Crispy Rice with Spicy Tuna

Featured in: Fun Weekend Treats

This sushi-inspired salad layers crunchy fried rice squares with creamy diced avocado and a zesty spicy tuna mix. Cook cooled sushi rice, press and pan-fry into golden crisps; toss avocado, cucumber, radish and edamame; whisk soy, rice vinegar, lime, honey and grated ginger for a bright dressing. Assemble with sesame seeds and serve immediately for crisp, contrasting textures that pair well with chilled sake.

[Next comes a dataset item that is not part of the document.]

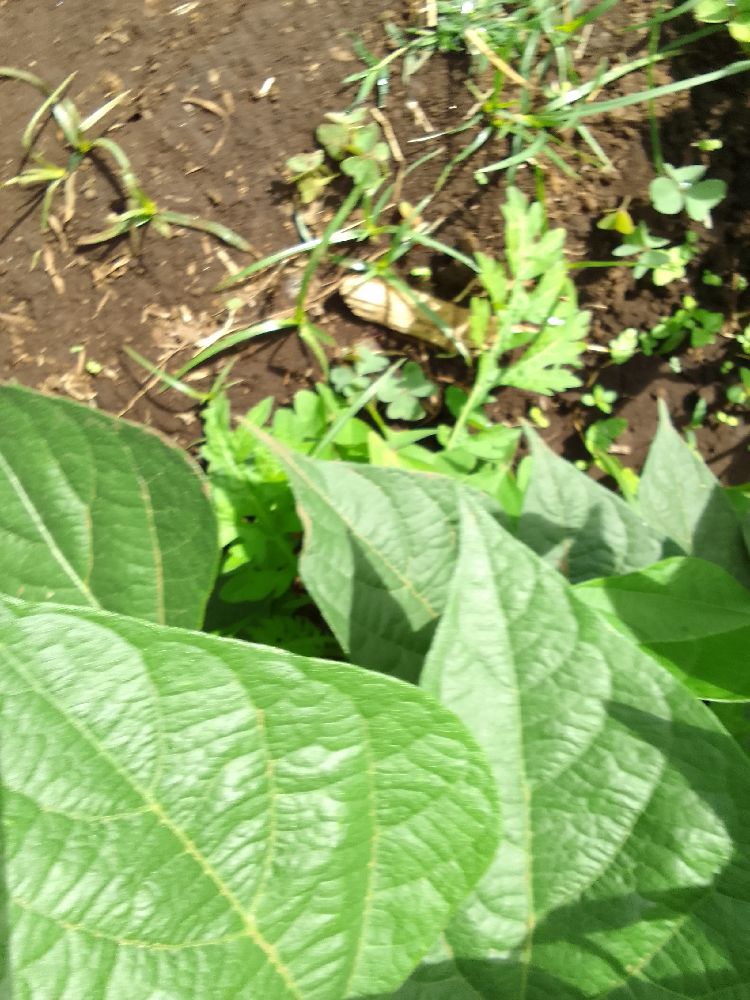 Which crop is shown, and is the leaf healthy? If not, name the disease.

Updated on Fri, 24 Apr 2026 03:07:23 GMT
Crispy rice salad with avocado and spicy tuna, topped with sesame seeds and fresh herbs for a sushi-inspired main dish.  Save
Crispy rice salad with avocado and spicy tuna, topped with sesame seeds and fresh herbs for a sushi-inspired main dish. | flavza.com

The unmistakable sizzle of rice hitting hot oil always transports me straight into a kitchen alive with anticipation. On one rainy afternoon, I decided to turn leftover sushi rice into something else entirely—what emerged was this crispy rice salad, an experiment that had me humming all day as spicy tuna and creamy avocado took front stage. The delight of pressing and frying rice squares as music played in the background is a memory I now associate with this recipe. Everything comes together with a punchy dressing and vibrant salad, evoking the lively counter at my favorite sushi spot. Youll be tempted to sneak a bite before it even hits the plate.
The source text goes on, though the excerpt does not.